## What is needed
Print out the entire listing verbatim.

================================

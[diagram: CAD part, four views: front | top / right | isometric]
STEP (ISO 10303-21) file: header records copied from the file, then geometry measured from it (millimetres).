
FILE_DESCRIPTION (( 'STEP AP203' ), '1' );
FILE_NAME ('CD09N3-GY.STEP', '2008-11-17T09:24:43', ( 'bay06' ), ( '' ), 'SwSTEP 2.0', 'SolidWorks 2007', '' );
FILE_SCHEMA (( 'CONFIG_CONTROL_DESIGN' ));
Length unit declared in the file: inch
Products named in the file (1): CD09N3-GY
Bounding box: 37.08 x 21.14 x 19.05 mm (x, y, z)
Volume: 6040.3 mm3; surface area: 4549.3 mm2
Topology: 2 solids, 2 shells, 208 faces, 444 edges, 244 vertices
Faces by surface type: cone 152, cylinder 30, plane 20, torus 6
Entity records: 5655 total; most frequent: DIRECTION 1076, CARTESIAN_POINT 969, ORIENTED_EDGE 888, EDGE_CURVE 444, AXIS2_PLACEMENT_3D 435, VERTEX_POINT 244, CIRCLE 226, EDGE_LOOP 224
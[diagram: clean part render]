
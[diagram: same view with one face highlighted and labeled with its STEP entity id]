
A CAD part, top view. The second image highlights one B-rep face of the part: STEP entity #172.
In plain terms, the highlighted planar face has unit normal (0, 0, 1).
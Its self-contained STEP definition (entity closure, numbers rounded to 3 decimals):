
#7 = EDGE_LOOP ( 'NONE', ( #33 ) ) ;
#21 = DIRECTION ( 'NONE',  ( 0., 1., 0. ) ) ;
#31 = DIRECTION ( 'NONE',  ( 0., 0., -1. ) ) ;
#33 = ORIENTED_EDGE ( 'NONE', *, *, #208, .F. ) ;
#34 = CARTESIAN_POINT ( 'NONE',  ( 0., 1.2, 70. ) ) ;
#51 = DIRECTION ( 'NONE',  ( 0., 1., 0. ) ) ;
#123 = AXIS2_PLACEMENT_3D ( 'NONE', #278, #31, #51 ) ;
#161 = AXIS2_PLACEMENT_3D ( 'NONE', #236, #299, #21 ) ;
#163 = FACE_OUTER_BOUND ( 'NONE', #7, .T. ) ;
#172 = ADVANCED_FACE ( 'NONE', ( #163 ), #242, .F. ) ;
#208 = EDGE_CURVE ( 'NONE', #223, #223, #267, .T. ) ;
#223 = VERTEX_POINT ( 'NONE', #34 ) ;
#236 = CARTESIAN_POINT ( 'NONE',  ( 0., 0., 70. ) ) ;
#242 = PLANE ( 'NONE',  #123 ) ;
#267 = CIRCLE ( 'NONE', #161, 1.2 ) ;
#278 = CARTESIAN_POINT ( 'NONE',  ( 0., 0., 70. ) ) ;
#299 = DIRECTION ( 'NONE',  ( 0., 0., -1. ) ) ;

================================

## Task output
[diagram: CAD part, four views: front | top / right | isometric]
STEP (ISO 10303-21) file: header records copied from the file, then geometry measured from it (millimetres).
FILE_DESCRIPTION (( 'STEP AP203' ), '1' );
FILE_NAME ('CD09N3-GY.STEP', '2008-11-17T09:24:43', ( 'bay06' ), ( '' ), 'SwSTEP 2.0', 'SolidWorks 2007', '' );
FILE_SCHEMA (( 'CONFIG_CONTROL_DESIGN' ));
Length unit declared in the file: inch
Products named in the file (1): CD09N3-GY
Bounding box: 37.08 x 21.14 x 19.05 mm (x, y, z)
Volume: 6040.3 mm3; surface area: 4549.3 mm2
Topology: 2 solids, 2 shells, 208 faces, 444 edges, 244 vertices
Faces by surface type: cone 152, cylinder 30, plane 20, torus 6
Entity records: 5655 total; most frequent: DIRECTION 1076, CARTESIAN_POINT 969, ORIENTED_EDGE 888, EDGE_CURVE 444, AXIS2_PLACEMENT_3D 435, VERTEX_POINT 244, CIRCLE 226, EDGE_LOOP 224
[diagram: clean part render]
[diagram: same view with one face highlighted and labeled with its STEP entity id]
A CAD part, top view. The second image highlights one B-rep face of the part: STEP entity #172.
In plain terms, the highlighted planar face has unit normal (0, 0, 1).
Its self-contained STEP definition (entity closure, numbers rounded to 3 decimals):
#7 = EDGE_LOOP ( 'NONE', ( #33 ) ) ;
#21 = DIRECTION ( 'NONE',  ( 0., 1., 0. ) ) ;
#31 = DIRECTION ( 'NONE',  ( 0., 0., -1. ) ) ;
#33 = ORIENTED_EDGE ( 'NONE', *, *, #208, .F. ) ;
#34 = CARTESIAN_POINT ( 'NONE',  ( 0., 1.2, 70. ) ) ;
#51 = DIRECTION ( 'NONE',  ( 0., 1., 0. ) ) ;
#123 = AXIS2_PLACEMENT_3D ( 'NONE', #278, #31, #51 ) ;
#161 = AXIS2_PLACEMENT_3D ( 'NONE', #236, #299, #21 ) ;
#163 = FACE_OUTER_BOUND ( 'NONE', #7, .T. ) ;
#172 = ADVANCED_FACE ( 'NONE', ( #163 ), #242, .F. ) ;
#208 = EDGE_CURVE ( 'NONE', #223, #223, #267, .T. ) ;
#223 = VERTEX_POINT ( 'NONE', #34 ) ;
#236 = CARTESIAN_POINT ( 'NONE',  ( 0., 0., 70. ) ) ;
#242 = PLANE ( 'NONE',  #123 ) ;
#267 = CIRCLE ( 'NONE', #161, 1.2 ) ;
#278 = CARTESIAN_POINT ( 'NONE',  ( 0., 0., 70. ) ) ;
#299 = DIRECTION ( 'NONE',  ( 0., 0., -1. ) ) ;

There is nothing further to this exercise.